If Eurozone inflation does not show signs of making a sustainable return toward its 2% target then the ECB will find it increasingly difficult to justify ending the APP programme and an interest rate rise will remain a "distant prospect" for a long time to come.

Despite Thursday's warnings on the exchange rate, the central bank says it remains confident of a further pickup in economic growth and price pressures.

"Members widely shared the assessment provided by Mr Praet in his introduction that the incoming information, including the new staff projections, corroborated the strong and broad-based growth momentum in the euro area economy. This outlook for growth confirmed the increased confidence that inflation would converge to the Governing Council’s inflation aim of below, but close to, 2% over the medium term," the ECB says. 

However, the rub for European Central Bank officials and for the Euro is that, since its meeting in early March, various indicators have begun to point toward a loss of momentum in the Euro area economy.

First and foremost, IHS Markit surveys of the key European manufacturing and services industries flagged a slowdown in activity during March which was, in part, the result of previous exchange rate developments.

Then, the official measure of industrial output for February surprised on the downside this Thursday, posting its second consecutive monthly fall when markets had been looking for an increase. 

Both of the above developments suggest Eurozone economic growth may have slowed in the first quarter of 2018 which, although not be out of sync with recent events in both the US and UK, would mark the continuation of a trend that began in the final quarter of 2017. Fourth quarter 2017 growth was 0.6%, a fraction slower than the 0.7% seen in the third quarter, which led economists to float the idea that momentum behind the Eurozone upturn may now be waning. 

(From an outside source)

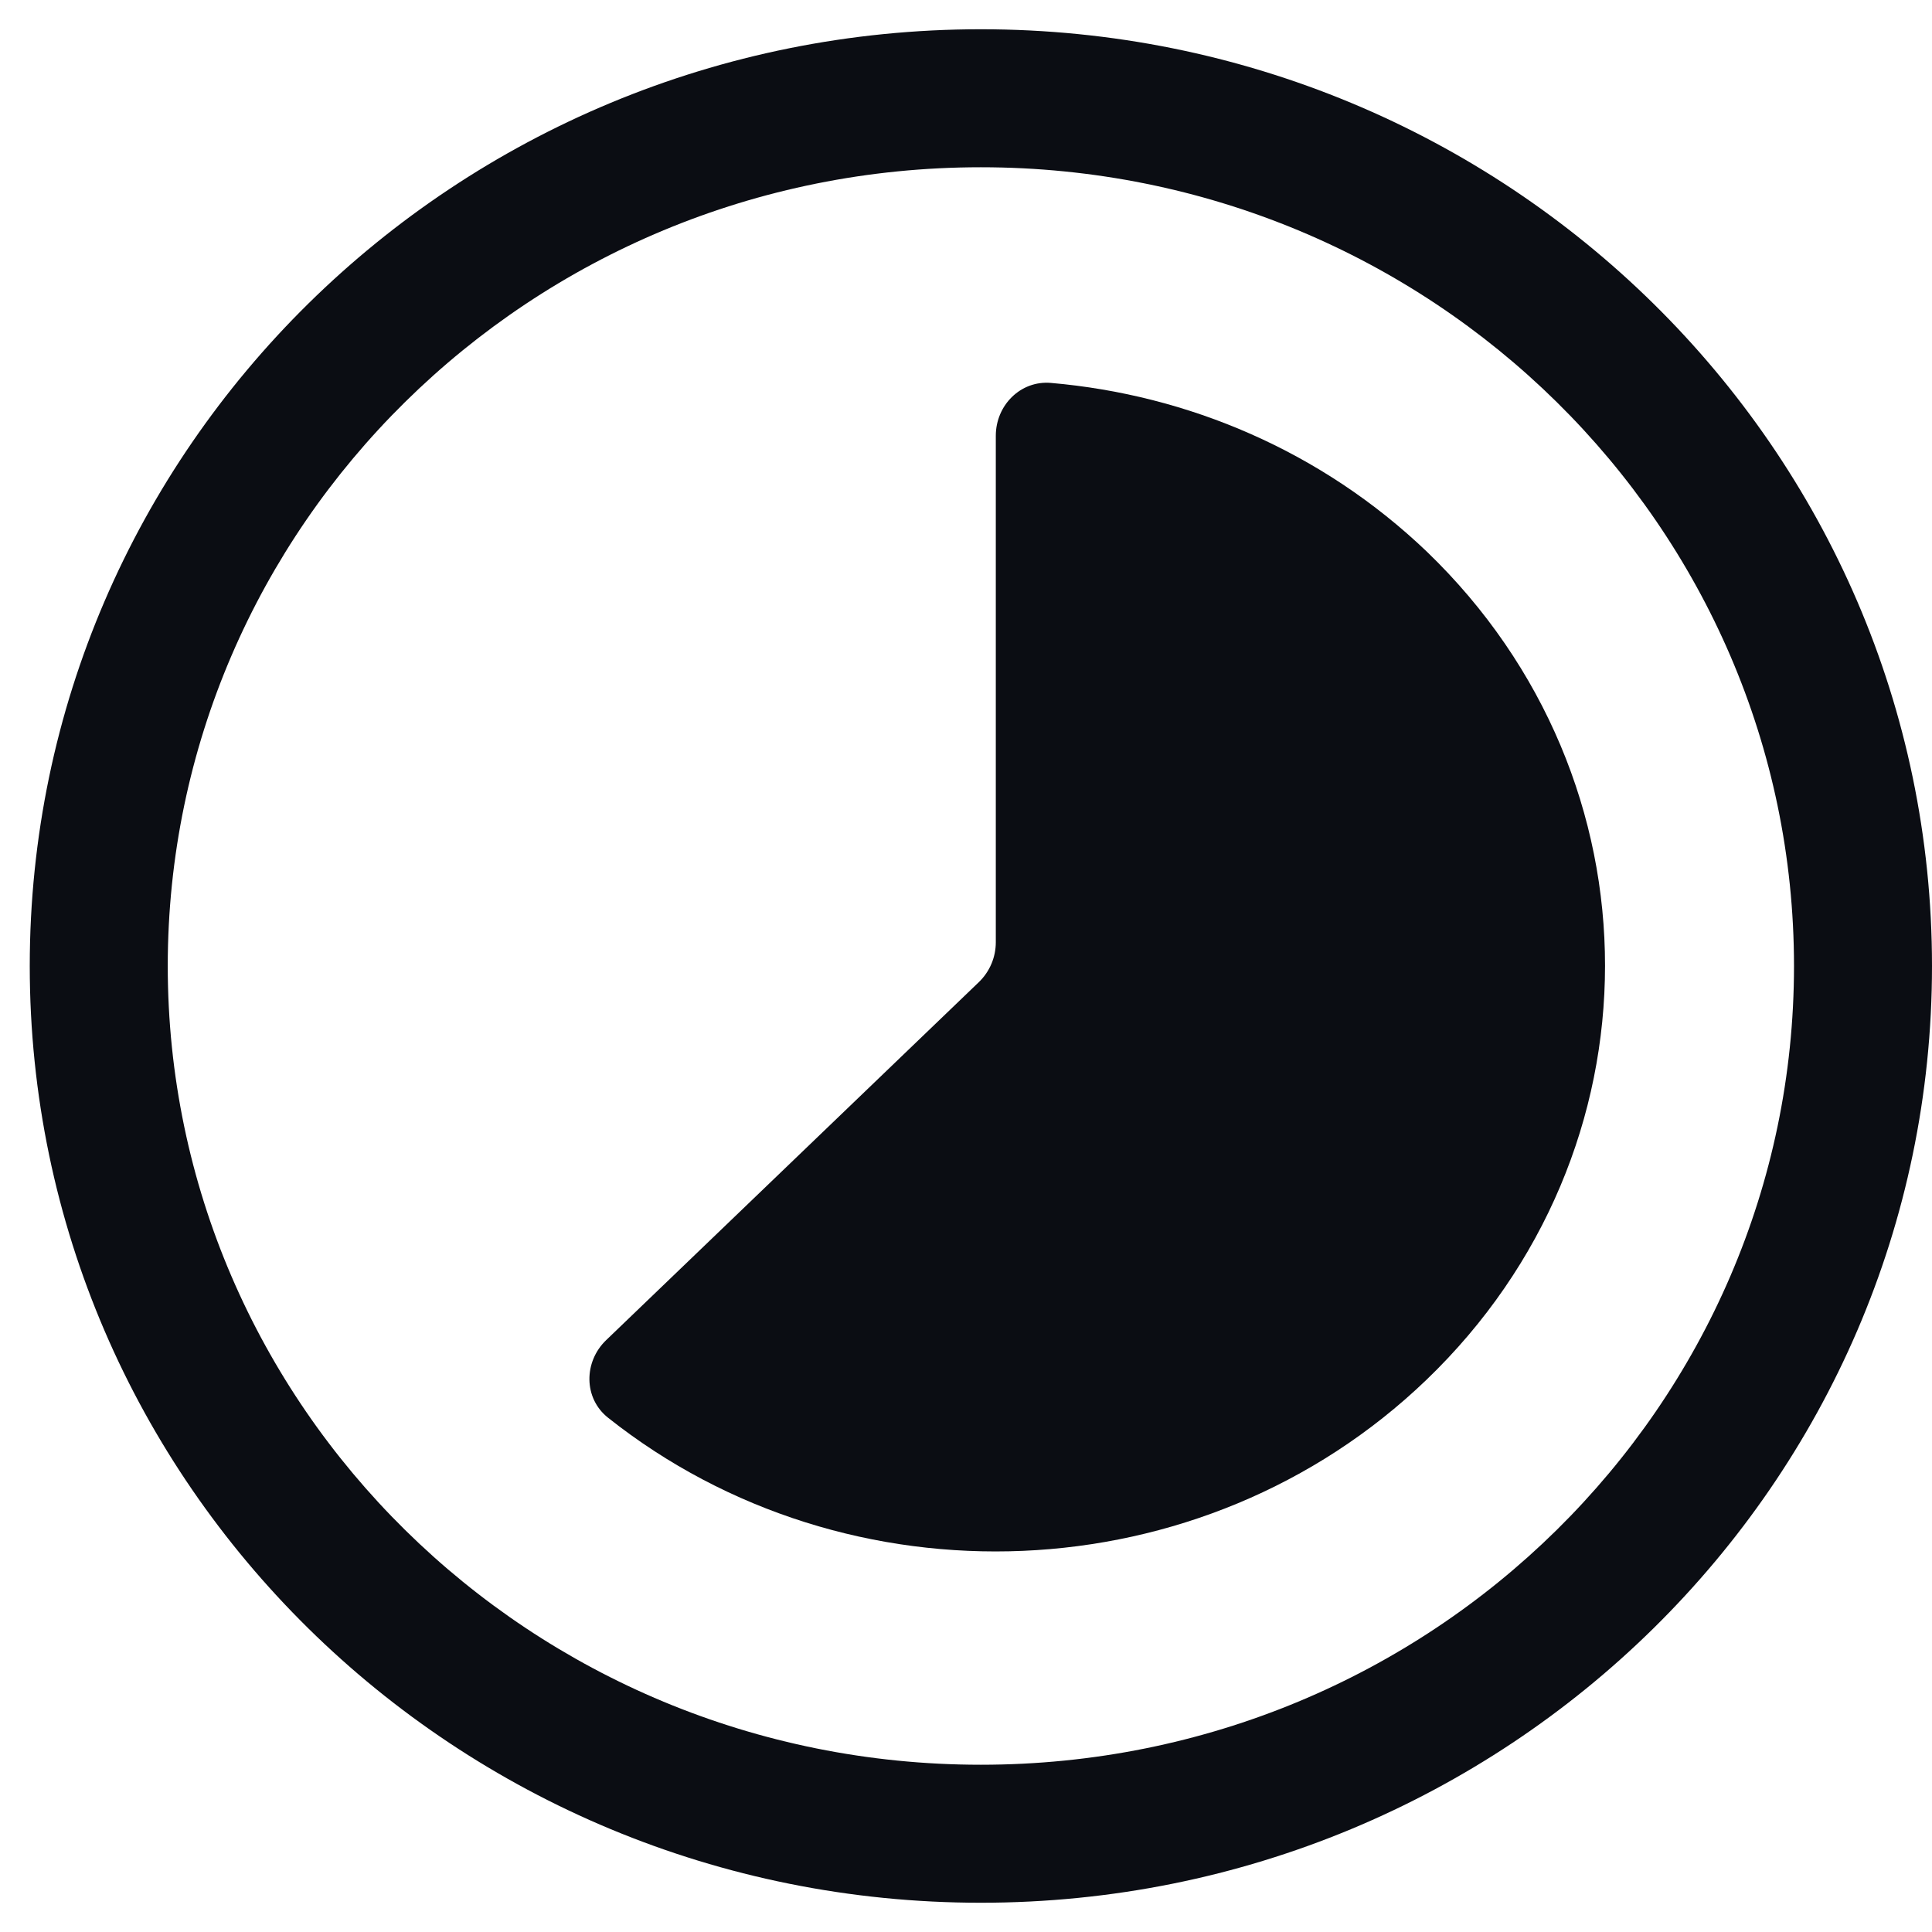 <svg width="35" height="35" viewBox="0 0 35 35" fill="none" xmlns="http://www.w3.org/2000/svg">
<path d="M25.85 9.995C23.943 8.172 21.522 7.152 19.039 6.937C18.489 6.889 18.04 7.342 18.04 7.894V17.07C18.04 17.343 17.929 17.603 17.733 17.792L10.982 24.277C10.572 24.67 10.57 25.33 11.015 25.683C15.353 29.128 21.779 28.899 25.84 24.998C30.154 20.854 30.154 14.139 25.85 9.995Z" fill="#0B0D13"/>
<path fill-rule="evenodd" clip-rule="evenodd" d="M17.769 31.97C25.941 31.97 32.5 25.456 32.5 17.5C32.5 9.544 25.941 3.03 17.769 3.03C9.598 3.03 3.039 9.544 3.039 17.5C3.039 25.456 9.598 31.97 17.769 31.97ZM17.769 34.47C27.286 34.47 35 26.872 35 17.5C35 8.128 27.286 0.53 17.769 0.53C8.253 0.53 0.539 8.128 0.539 17.5C0.539 26.872 8.253 34.47 17.769 34.47Z" fill="#0B0D13"/>
</svg>

"We have passed the cyclical peak and entered a phase of moderation in the pace of industrial (as well as overall) growth. Survey indicators remain at high levels, but they have been losing some shine recently, primarily as a result of easing momentum in global trade and concerns about US protectionist policies. Our GDP tracker flags downside risks to our 1Q18 GDP forecast of 0.6% qoq, pointing to a more moderate expansion of about 0.4%," says Edoardo Campanella, an economist at UniCredit Bank

While still early days, the moderating Eurozone upturn and emerging concerns at the ECB over the strength of the single currency could mean the Euro's days in the sun are almost up. From here, the currency could become increasingly sensitive to data disappointments and central bank rhetoric on the likely disinflationary impact of its past appreciation.